Licenciement à l’épreuve de COVID-19*

 

Le Maroc, comme les autres pays du monde, connait depuis le mois de mars la pandémie de COVID-19[1] (acronyme anglais de coronavirus disease 2019). Ce virus dénommé Corona, (cette appellation lui a été attribuée par rapport à la couronne qui couvre la cellule), est contagieux d’une façon très rapide.

La maladie apparaît en novembre 2019 à Wuhan, en Chine centrale avec des cas inhabituels de pneumopathie justifiant de sévères mesures de confinement en janvier 2020. En mars 2020 l’épidémie est requalifiée en pandémie par l’Organisation mondiale de la santé (OMS)[2]. La pandémie de Covid-19 se propage rapidement dans de nombreux autres pays qui prennent à leur tour des mesures similaires en mars, provoquant des fermetures de frontières, un brusque ralentissement de l’économie mondiale et un krach boursier le 12 mars 2020.

Aucun traitement spécifique ou médicament définitif pour cette maladie à travers le monde entier.

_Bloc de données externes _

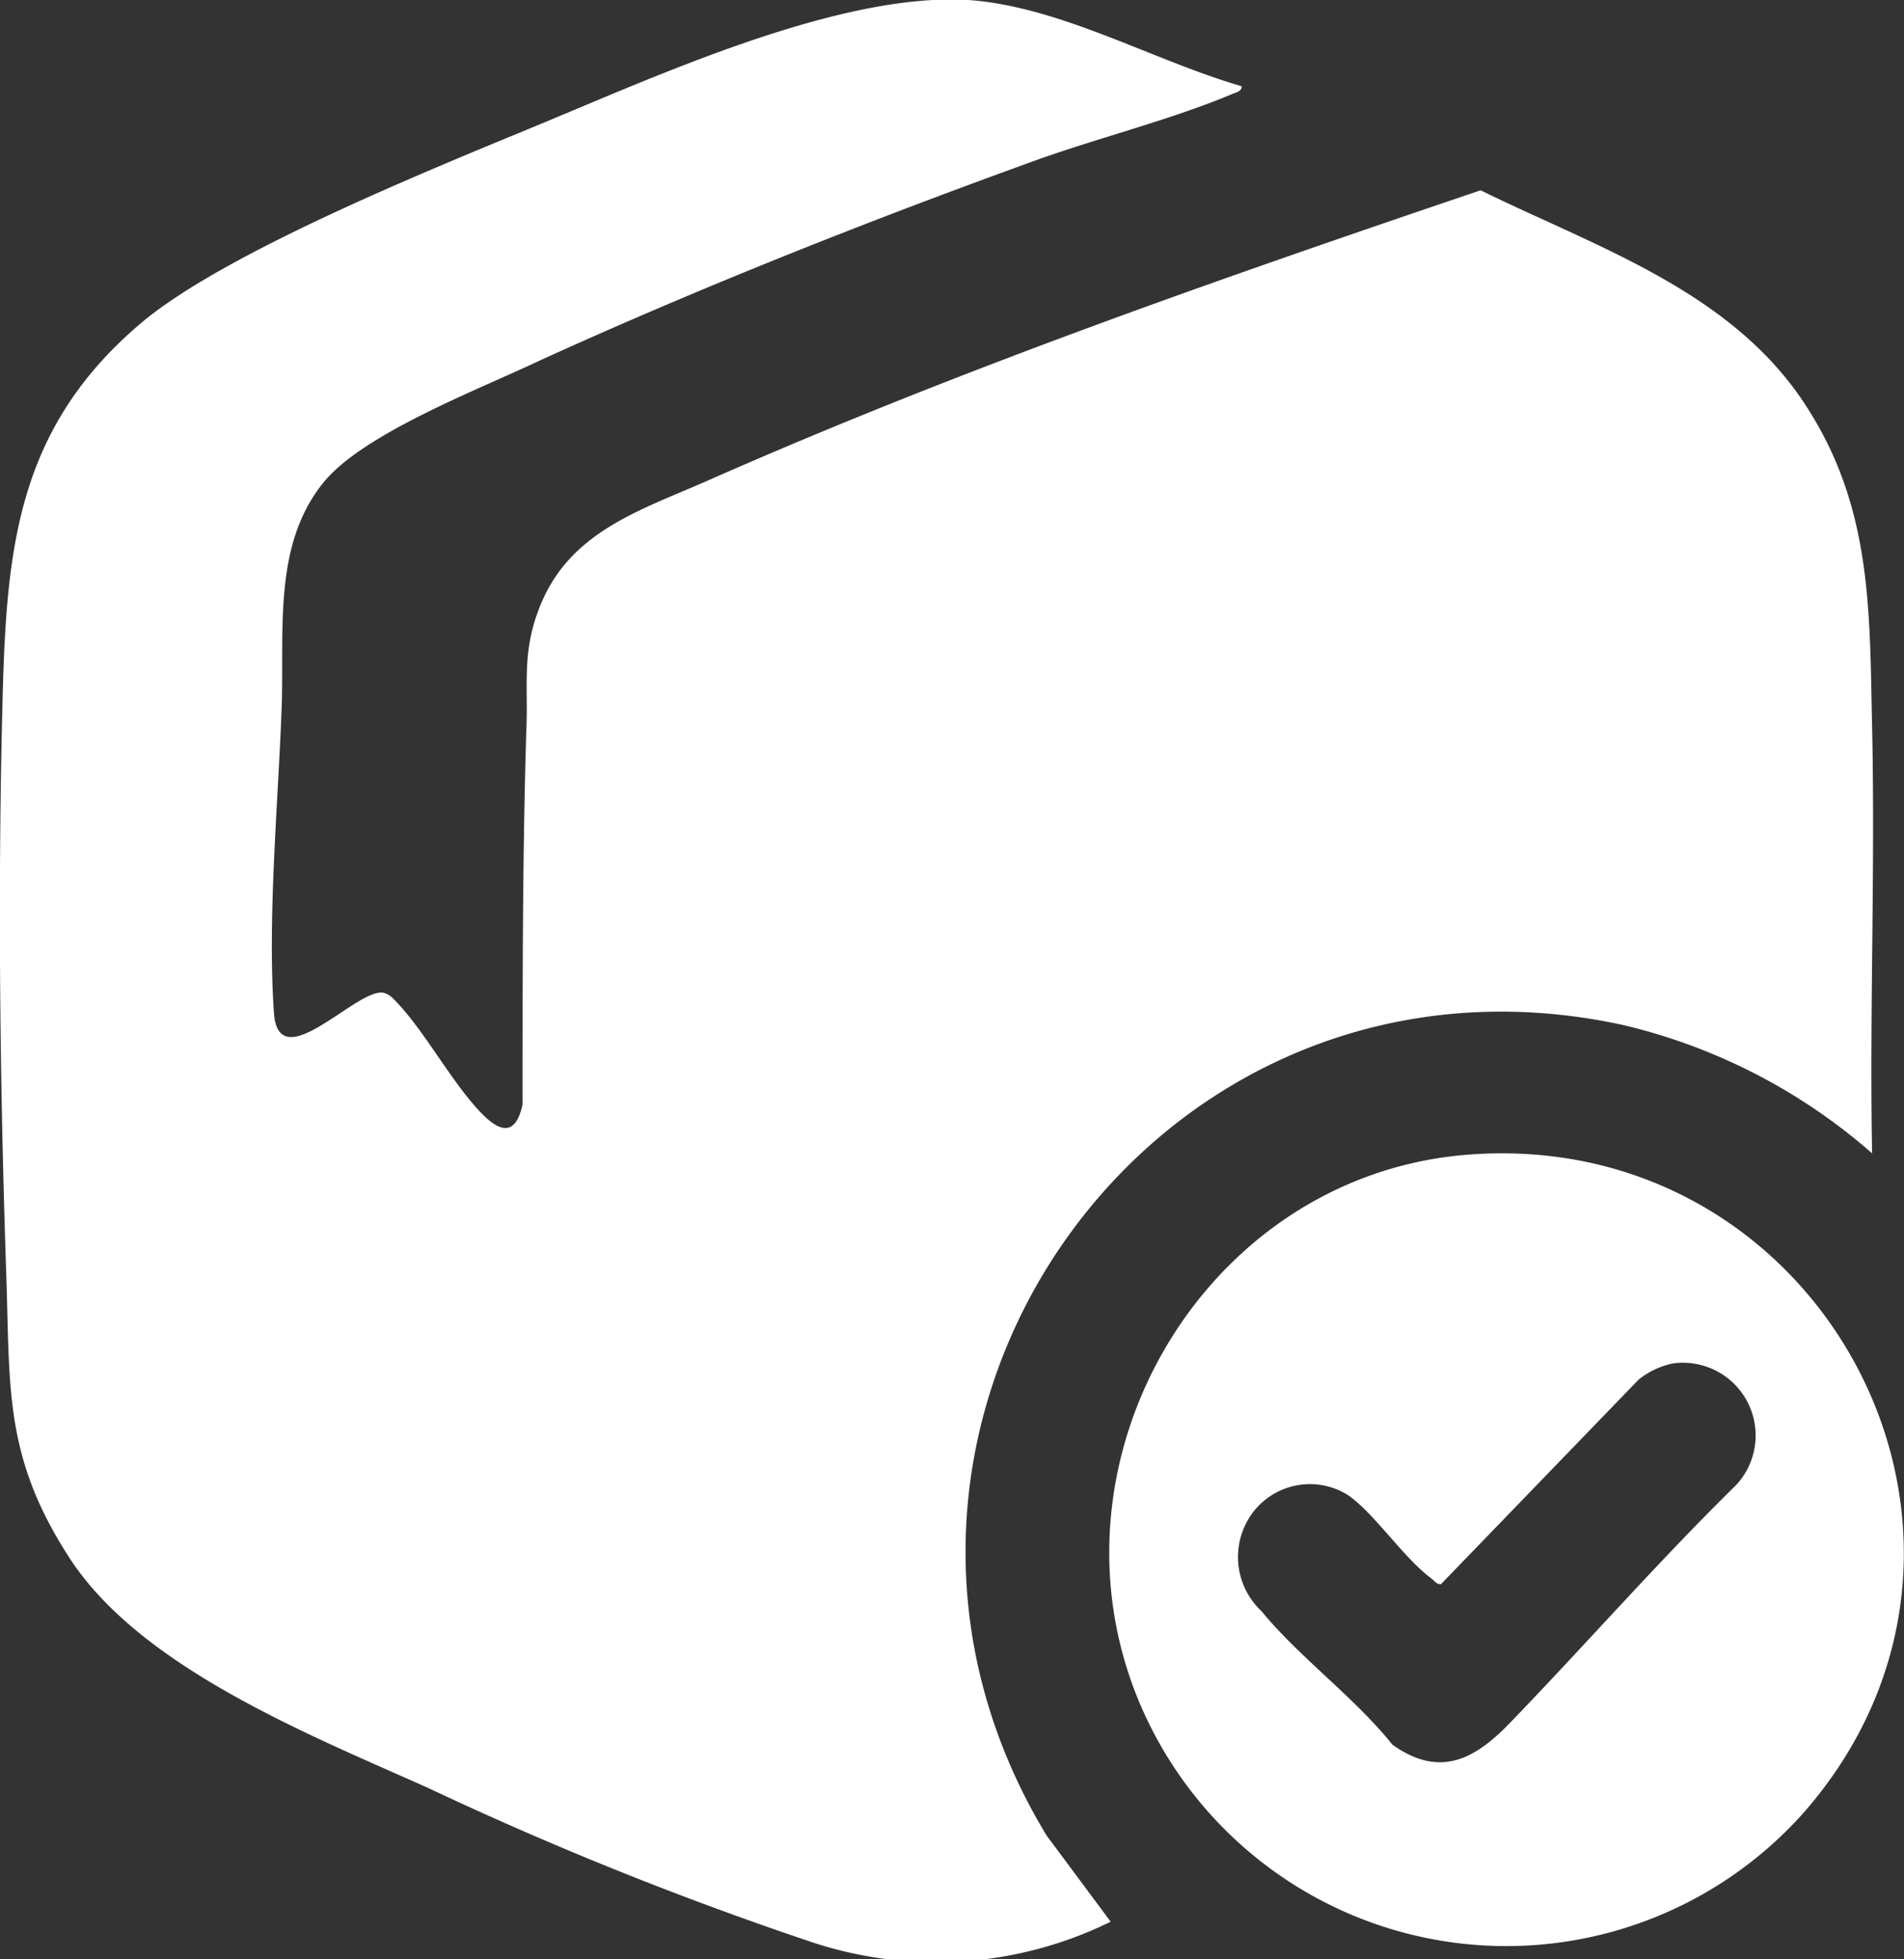 <svg xmlns="http://www.w3.org/2000/svg" viewBox="0 0 66.24 68.16"><rect x="0" y="0" width="66.24" height="68.16" fill="#333333" stroke="none"/><defs><style>.cls-1{fill:#fff;}</style></defs><g id="Capa_2" data-name="Capa 2"><g id="Elementos"><path class="cls-1" d="M43.2,3c0,.18-.19.21-.33.27-2.06.87-4.6,1.51-6.76,2.28-5.82,2.1-11.73,4.44-17.35,7-2.1,1-6.21,2.56-7.55,4.29C9.5,19,9.89,21.94,9.8,24.58c-.12,3.36-.5,7.33-.27,10.65.16,2.36,3-1,3.86-.68a.74.74,0,0,1,.32.22c1,1,1.93,2.76,2.94,3.85.66.72,1.27,1,1.53-.2,0-4.35,0-8.71.13-13,.07-1.52-.15-2.64.4-4.13,1-2.79,3.54-3.52,6-4.61,8.73-3.85,17.77-7,26.8-10.06,4.08,2,8.76,3.52,11.33,7.51,2.29,3.54,2.2,7.08,2.29,11.15.11,4.94-.09,9.9,0,14.84a20.18,20.18,0,0,0-8.65-4.46c-16.34-3.57-28.67,14-20.07,28.19l2.23,3a13.75,13.75,0,0,1-10.31.74A122.83,122.83,0,0,1,14.9,62.2c-4.13-1.85-10-4.18-12.48-8C.15,50.7.35,48.35.22,44.4,0,37.89-.08,31.24.08,24.71.21,19.29.49,15,4.87,11.27,7.75,8.81,15,5.89,18.72,4.35,22.9,2.62,29.22-.27,33.69,0,36.91.23,40.12,2.11,43.2,3Z"></path><path class="cls-1" d="M50.81,40.19C63.38,39,71.06,53.47,62.8,63a13.85,13.85,0,0,1-23.22-3.92C36.2,50.76,41.86,41.06,50.81,40.19Zm7.39,7.24A2.8,2.8,0,0,0,57,48l-6.87,7.11c-.16,0-.22-.11-.32-.19-1-.74-2-2.29-2.93-2.92a2.49,2.49,0,0,0-3.48.9,2.58,2.58,0,0,0,.49,3.15c1.3,1.59,3.24,3,4.55,4.64,1.75,1.25,3,.41,4.24-.91,2.58-2.68,5.05-5.5,7.72-8.12A2.53,2.53,0,0,0,58.2,47.43Z"></path></g></g></svg>

Sauf que les gouvernements ont procédé au confinement de la population et isolement des cas suspects en les déposant dans une quarantaine sous surveillance médicale.

Le Maroc lui aussi n’est pas épargné par cette pandémie, qui s’est infiltré par des personnes rentrées de l’étranger notamment de l’Europe (Espagne, France et Italie), marocains ou touristes. La chose qui a incité les autorités à prendre des mesures préventives, telles que la fermeture des frontières, la suspension des vols internes et internationaux, et le confinement pour arrêter au maximum la propagation de la maladie et les dégâts qui en découlent[3].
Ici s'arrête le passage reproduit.